- US theatrical release poster
- Directed by: Edmond T. Gréville
- Written by: Richard Llewellyn (play and screenplay)
- Produced by: Edward Dryhurst
- Starring: Carole Landis Derek Farr Joseph Calleia Stanley Holloway Nigel Patrick
- Cinematography: Hone Glendining
- Edited by: David Newhouse
- Music by: Charles Williams
- Production company: Associated British Picture Corporation
- Distributed by: Pathé Pictures
- Release date: 28 September 1948;
- Running time: 95 minutes
- Country: United Kingdom
- Language: English
- Budget: £136,500
- Box office: £163,159 (UK)

= Noose (1948 film) =

Noose (U.S. title: The Silk Noose) is a 1948 British comedy crime film, directed by Edmond T. Gréville and starring Carole Landis, Joseph Calleia and Derek Farr. It was written by Richard Llewellyn based on his play of the same title. The film is part of the cycle of Britain spiv films produced between 1945 and 1950.

==Plot==
Set in then contemporary post-war London, Noose is the story of black market racketeers who face attempts to bring them to justice by an American fashion journalist, her ex-army fiancé and a gang of honest toughs from a local gym. The normally gentlemanly and urbane Nigel Patrick is cast as a cockney spiv.

The gangs hang around Bason's Gymnasium and Sugiani's nightclub, The Blue Moon. Sugiani has worked his way up from the gutter since arriving in Britain from Italy.

==Cast==
- Carole Landis as Linda Medbury
- Joseph Calleia as Sugiani
- Derek Farr as Captain Jumbo Holle
- Stanley Holloway as Inspector Rendall
- Nigel Patrick as Bar ("Gorm") Gorman
- John Slater as Pudd'n Bason
- Edward Rigby as Slush
- Leslie Bradley as Basher
- Reginald Tate as the editor
- Hay Petrie as the barber
- John Salew as Greasey Anderson
- Ruth Nixon as Annie Foss
- Carol van Derman as Marcia Lane

==Production==
It was shot at Teddington Studios with sets designed by the art director Bernard Robinson.

==Reception==

=== Box office ===
Trade papers called the film a "notable box office attraction" in British cinemas in 1948. As of 1 April 1950 the film earned net box office receipts in the UK of £498,800 and distributor's gross receipts of £119,229 of which £74,918 went to the producer.

=== Critical ===
The Monthly Film Bulletin wrote: "Based on the play of the same name, the film moves at a smart pace from start to finish. The characterisation is sure, there is much humour, and a large cast responds well to alert direction. Of individual performances, that of Nigel Patrick stands out with startling effect. Joseph Calleia is suitably ruthless as the Black Market chief, and Hay Petrie makes a brief but sinister appearance as a barber. Carole Landis is both clever and attractive as Linda and a delectable study in dead-pan technique comes from Carol Van Derman."

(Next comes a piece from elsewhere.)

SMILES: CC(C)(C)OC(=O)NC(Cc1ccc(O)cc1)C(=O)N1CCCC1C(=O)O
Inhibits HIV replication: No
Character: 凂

Kine Weekly wrote: "Played for laughs as well as thrills by a perfectly balanced cast, and dressed to kill, it makes every post a winning one in its race to a spectacular, if slightly facetious, 'crime does not pay' climax. The masses will eat it. Capital British 'thick ear.'"

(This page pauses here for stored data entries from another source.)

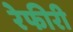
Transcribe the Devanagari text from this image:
रेफीरी
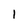
Character: 1
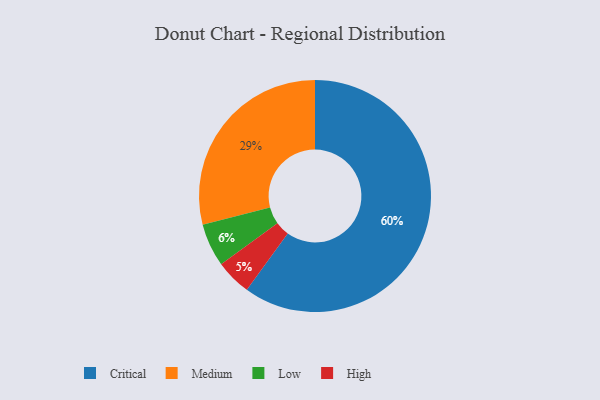
{"axis": {"x": "Category", "y": "Percentage"}, "legend": ["Critical", "High", "Low", "Medium"], "data": [{"x": "High", "y": 5, "type": "High"}, {"x": "Low", "y": 6, "type": "Low"}, {"x": "Critical", "y": 60, "type": "Critical"}, {"x": "Medium", "y": 29, "type": "Medium"}]}
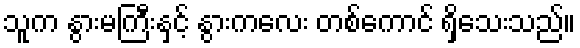
သူက နွားမကြီးနှင့် နွားကလေး တစ်ကောင် ရှိသေးသည်။
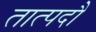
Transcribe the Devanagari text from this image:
तात्पदौ
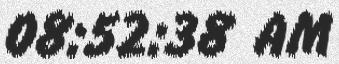
08:52:38 AM
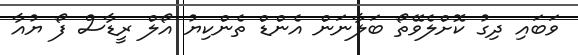
ވަބައި ދިގު ކޮށްލެވޭތޯ ބަލާނަން އެންޑް ތެންކިޔު އޯލް ރީޑާސް ފޯ ޔުއާ
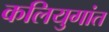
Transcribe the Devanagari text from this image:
कलियुगांत
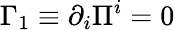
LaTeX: {\Gamma_{1}}\equiv{\partial_{i}}{\Pi^{i}}=0

Variety wrote: "Depending more on characterization than on dramatic values, pic is noted for the excellent types who portray the underworld thugs. Joseph Calleia as Sugiani; Nigel Patrick as the irrepressible Bar Gorman, and Hay Petrie as the murderer, help lend color to the production. The late Carole Landis is attractive as the newspaper woman who stumbles on a scoop and makes trouble for Sugiani."

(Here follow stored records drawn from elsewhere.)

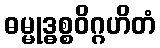
ဓမ္မုဒ္ဓစ္စဝိဂ္ဂဟိတံ
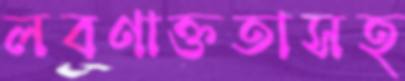
লবণাক্ততাসহ
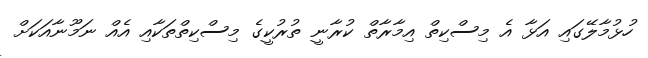
ހުޅުމާލޭގައި އަޅާ އެ މިސްކިތް އިމާރާތް ކުރާނީ ތުރުކީގެ މިސްކިތްތަކާއި އެއް ނަމޫނާއަކަށް
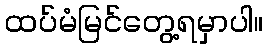
ထပ်မံမြင်တွေ့ရမှာပါ။

In The Radio Times Guide to Films Dick Fiddy gave the film 3/5 stars, writing: "This is a sterling slice of British film noir, starring American sex symbol Carole Landis. As the fashion journalist who gets mixed up in the murky underworld of London's black market, Landis bravely goes up against spivs and wide-boy racketeers in this well-made little thriller. While blonde bombshell Landis provides the glamour, the best performance is by Nigel Patrick as the fast-talking, charismatic villain."